THE DATA:
___

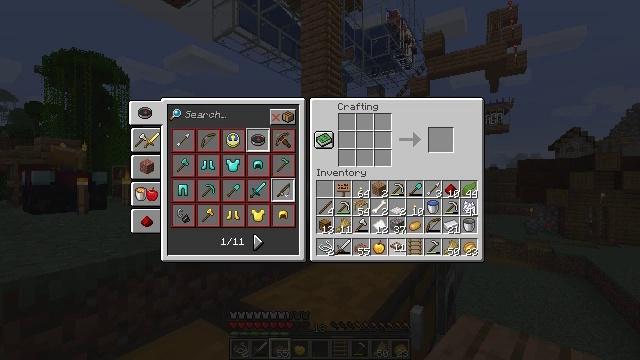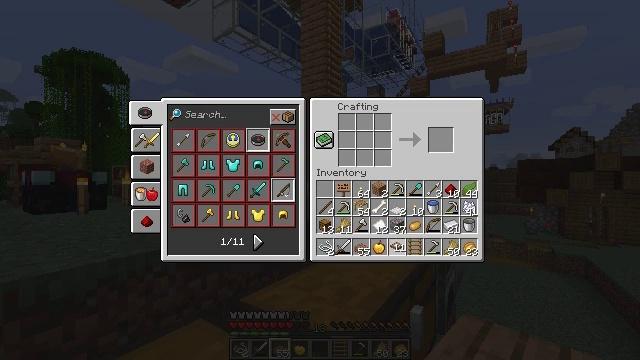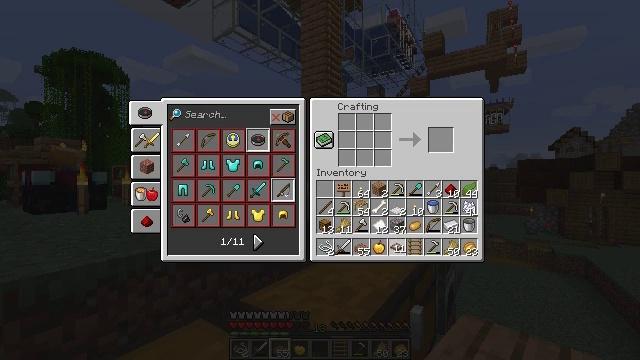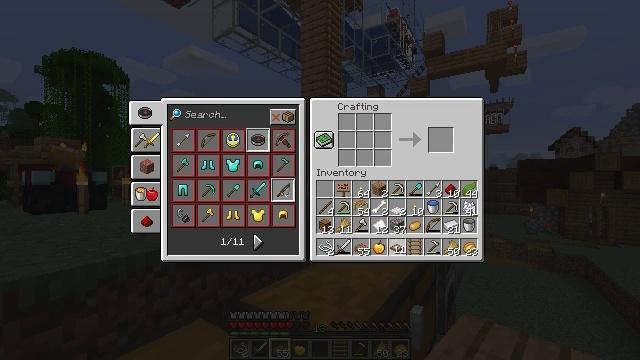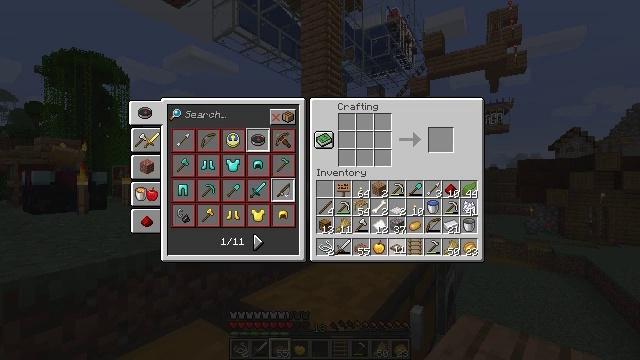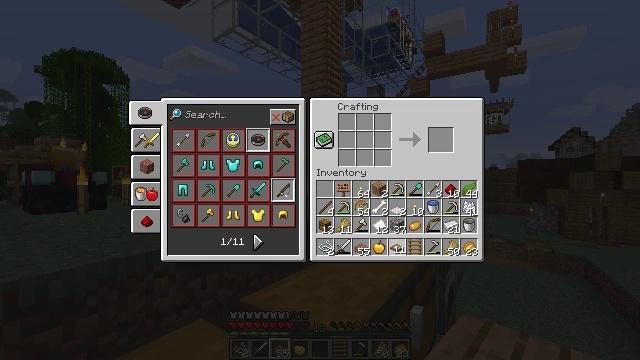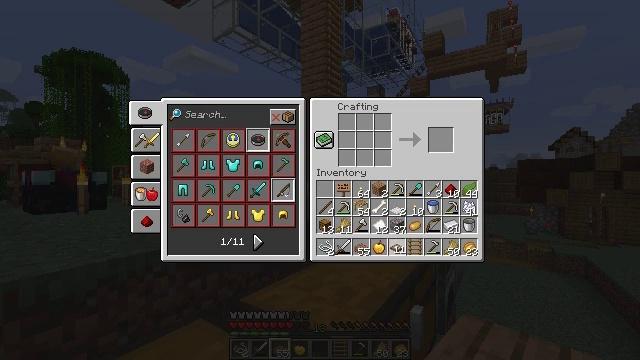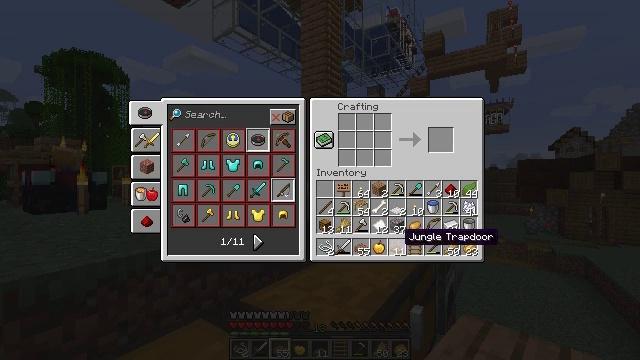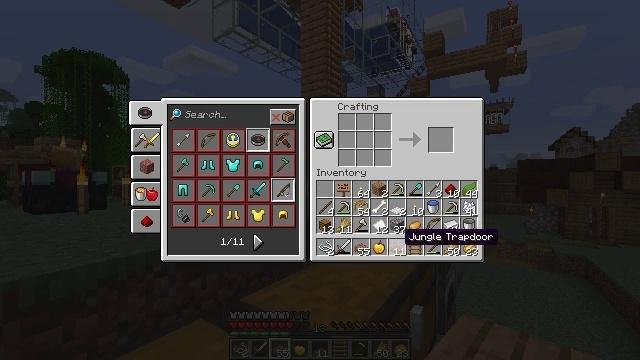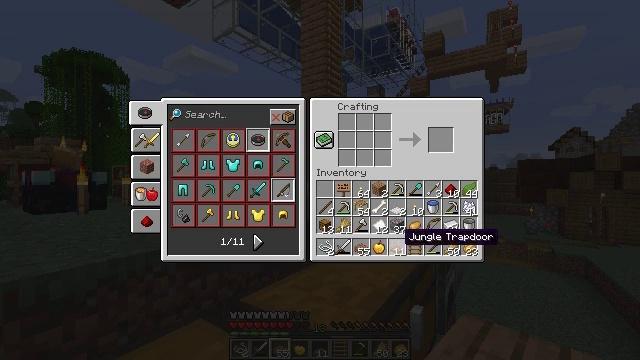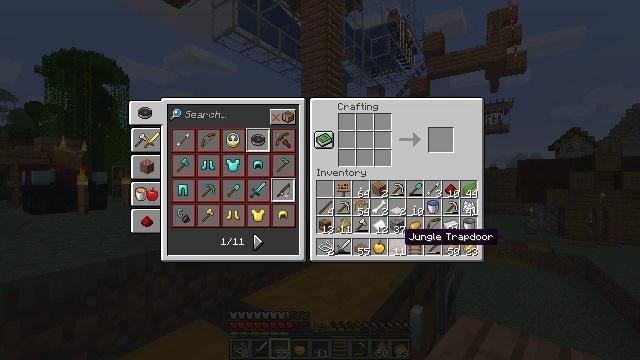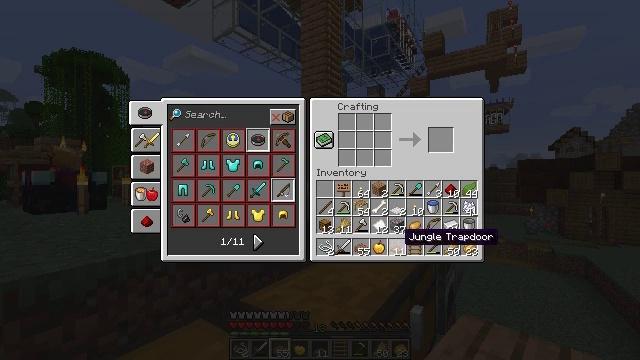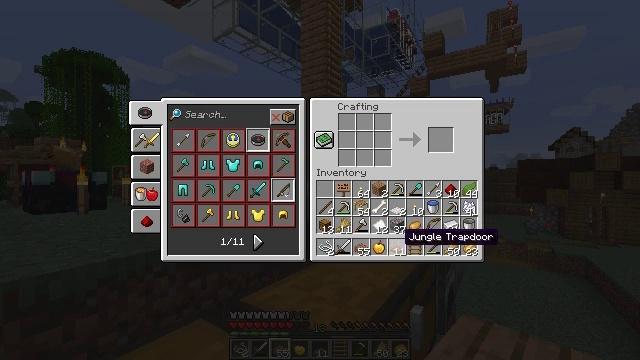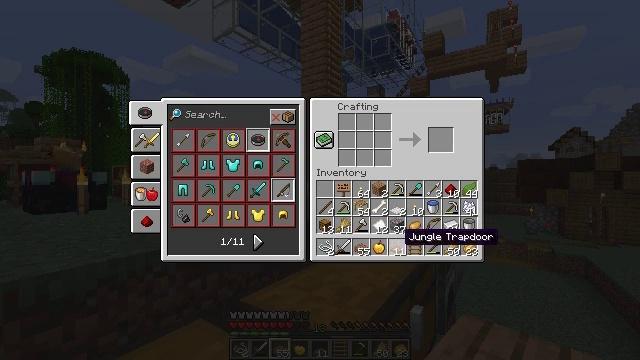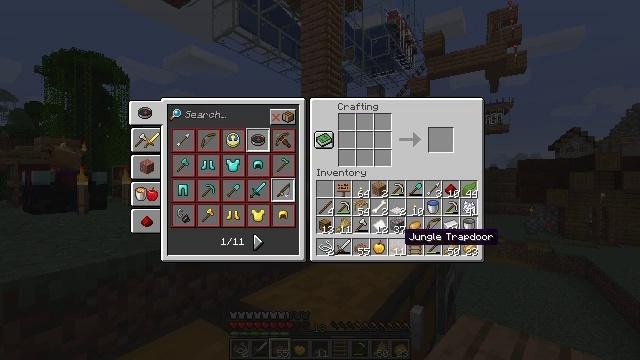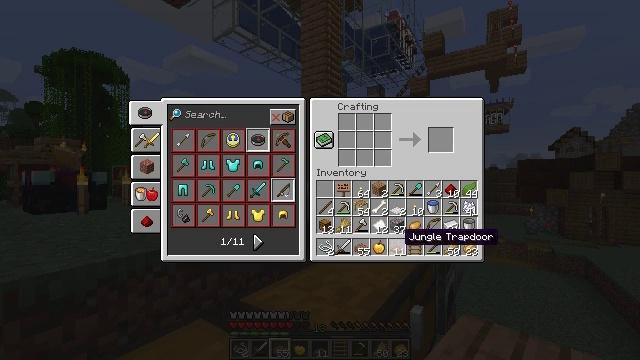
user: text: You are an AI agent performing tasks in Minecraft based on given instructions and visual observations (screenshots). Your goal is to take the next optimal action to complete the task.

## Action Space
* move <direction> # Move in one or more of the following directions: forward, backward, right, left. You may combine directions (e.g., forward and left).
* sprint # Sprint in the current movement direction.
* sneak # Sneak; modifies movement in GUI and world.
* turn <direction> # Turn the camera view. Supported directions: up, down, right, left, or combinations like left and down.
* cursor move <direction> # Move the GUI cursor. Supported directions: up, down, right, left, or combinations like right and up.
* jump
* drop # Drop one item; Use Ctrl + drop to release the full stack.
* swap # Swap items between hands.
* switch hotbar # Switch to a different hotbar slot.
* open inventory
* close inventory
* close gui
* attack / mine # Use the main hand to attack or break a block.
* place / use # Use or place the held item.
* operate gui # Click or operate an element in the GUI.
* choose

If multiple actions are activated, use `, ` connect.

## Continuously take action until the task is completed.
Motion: motion action
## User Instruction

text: Gather the white carpet for inventory.
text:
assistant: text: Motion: no_op
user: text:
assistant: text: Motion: no_op
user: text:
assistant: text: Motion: no_op
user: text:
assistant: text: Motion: operate gui
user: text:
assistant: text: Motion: operate gui
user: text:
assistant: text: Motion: operate gui
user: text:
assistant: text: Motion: no_op
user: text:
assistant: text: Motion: no_op
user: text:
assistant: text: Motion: no_op
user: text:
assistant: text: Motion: no_op
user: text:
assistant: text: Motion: no_op
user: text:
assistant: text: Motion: no_op
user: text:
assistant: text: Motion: no_op
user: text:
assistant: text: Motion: no_op
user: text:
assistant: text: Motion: no_op
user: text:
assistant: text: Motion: no_op
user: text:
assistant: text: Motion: close gui
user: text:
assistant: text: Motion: turn right
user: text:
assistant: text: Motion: turn right and down
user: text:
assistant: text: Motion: turn right and down
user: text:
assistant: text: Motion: turn right
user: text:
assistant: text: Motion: turn right
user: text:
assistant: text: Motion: turn right and up
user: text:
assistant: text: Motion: turn up
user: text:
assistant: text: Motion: move forward
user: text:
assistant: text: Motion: move forward
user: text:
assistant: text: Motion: move forward
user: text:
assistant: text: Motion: move forward
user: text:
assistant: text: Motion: move forward
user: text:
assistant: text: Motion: move forward

___

EXERCISE PROMPT:
An exact copy of every record above is needed, with all pictures left out.

EXERCISE OUTPUT:
user: text: You are an AI agent performing tasks in Minecraft based on given instructions and visual observations (screenshots). Your goal is to take the next optimal action to complete the task.

## Action Space
* move <direction> # Move in one or more of the following directions: forward, backward, right, left. You may combine directions (e.g., forward and left).
* sprint # Sprint in the current movement direction.
* sneak # Sneak; modifies movement in GUI and world.
* turn <direction> # Turn the camera view. Supported directions: up, down, right, left, or combinations like left and down.
* cursor move <direction> # Move the GUI cursor. Supported directions: up, down, right, left, or combinations like right and up.
* jump
* drop # Drop one item; Use Ctrl + drop to release the full stack.
* swap # Swap items between hands.
* switch hotbar # Switch to a different hotbar slot.
* open inventory
* close inventory
* close gui
* attack / mine # Use the main hand to attack or break a block.
* place / use # Use or place the held item.
* operate gui # Click or operate an element in the GUI.
* choose

If multiple actions are activated, use `, ` connect.

## Continuously take action until the task is completed.
Motion: motion action
## User Instruction

text: Gather the white carpet for inventory.
text:
assistant: text: Motion: no_op
user: text:
assistant: text: Motion: no_op
user: text:
assistant: text: Motion: no_op
user: text:
assistant: text: Motion: operate gui
user: text:
assistant: text: Motion: operate gui
user: text:
assistant: text: Motion: operate gui
user: text:
assistant: text: Motion: no_op
user: text:
assistant: text: Motion: no_op
user: text:
assistant: text: Motion: no_op
user: text:
assistant: text: Motion: no_op
user: text:
assistant: text: Motion: no_op
user: text:
assistant: text: Motion: no_op
user: text:
assistant: text: Motion: no_op
user: text:
assistant: text: Motion: no_op
user: text:
assistant: text: Motion: no_op
user: text:
assistant: text: Motion: no_op
user: text:
assistant: text: Motion: close gui
user: text:
assistant: text: Motion: turn right
user: text:
assistant: text: Motion: turn right and down
user: text:
assistant: text: Motion: turn right and down
user: text:
assistant: text: Motion: turn right
user: text:
assistant: text: Motion: turn right
user: text:
assistant: text: Motion: turn right and up
user: text:
assistant: text: Motion: turn up
user: text:
assistant: text: Motion: move forward
user: text:
assistant: text: Motion: move forward
user: text:
assistant: text: Motion: move forward
user: text:
assistant: text: Motion: move forward
user: text:
assistant: text: Motion: move forward
user: text:
assistant: text: Motion: move forward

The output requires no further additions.